Here how I believe this will work.

Preorder

PreIter Tree::PreBegin()
{
return PreIter(root);
}

PreIter Tree::PreEnd()
{
return PreIter(NULL);
}

PreIter& PreIter::next()
{
if(current->left)
{
current = current->left;
return *this;
}

// Look for a right branch, starting in the current node.

while(current && !current->right)
current = current->parent;

// If node is NULL, we''re done.

if(node)
current = current->right

return *this;
}


Inorder

InIter Tree::InBegin()
{
Node* node = root;
// start with the smallest node

while(node->left) node=node->left;
return InIter(node);
}

InIter Tree::InEnd()
{
return InIt(NULL);
}

InItier& InIter::next()
{
// If there is a right branch, the next node is the leftmost one it contains.

if(current->right)
{
current = current->right;
while(current->left) current = current->left;
return *this;
}

// If not, the next node is the closest one of which we are a left child.

Node* previous;
do
{
previous = current;
current = current->parent;

// Gone off the root. We''re done.

if(!current) return *this;

} while(previous == current->right);

return *this;
}


Postorder

PostIter Tree::PostBegin()
{
Node* node = root;

// Go as deep as possible, priority to the left.

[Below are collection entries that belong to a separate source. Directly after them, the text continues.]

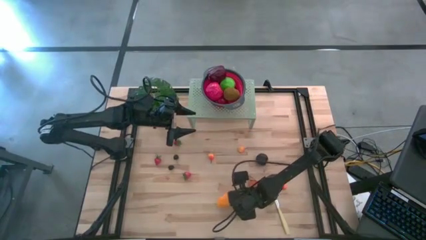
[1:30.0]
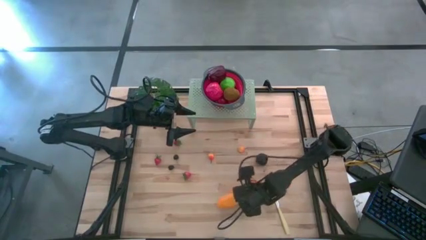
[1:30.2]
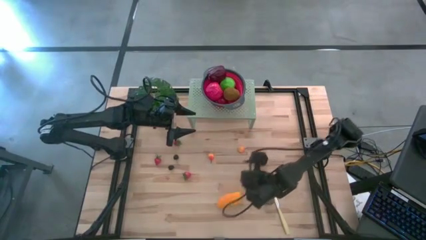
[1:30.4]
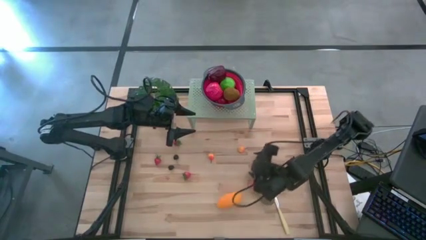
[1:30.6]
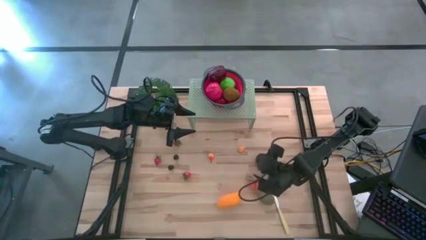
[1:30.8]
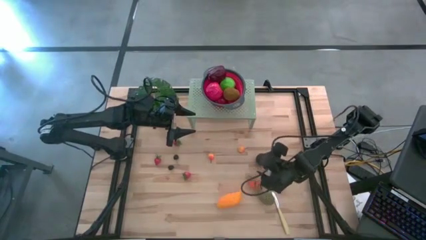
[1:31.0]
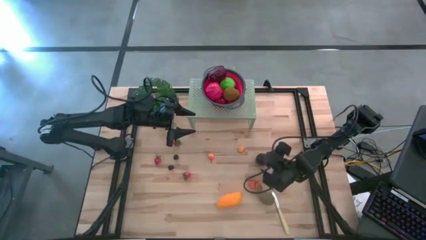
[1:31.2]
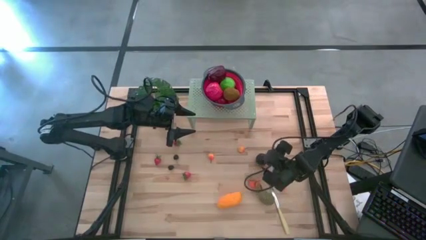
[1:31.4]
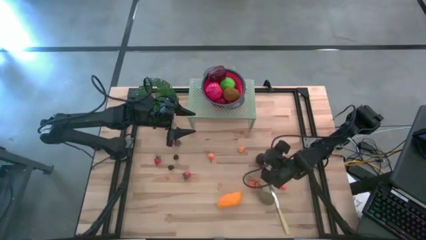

while(node->left || node->right)
{
if(node->left) node = node->left;
else node = node->right;
}
return PostIter(node);
}

PostIter Tree::PostEnd()
{
return PostIter(NULL);
}

PostIter& PostIter::next()
{
Node* previous = current;
current = current->parent;

// Moving off the root, we would be done.

if(!current) return *this;

// Moving up, if there is no right branch, then we come from

// a left branch and have visited all children of this node

if(!current->right) return *this;

// Otherwise, check if we''re just back from visiting that branch

if(previous == current->right) return *this;

// If we haven''t, let''s explore it.

current = current->right;

// Go as deep as possible, priority to the left (same as begin)

while(node->left || node->right)
{
if(node->left) node = node->left;
else node = node->right;
}
return *this;
}


Of course, there probably are errors, but I believe the algorithms to be going in the right direction.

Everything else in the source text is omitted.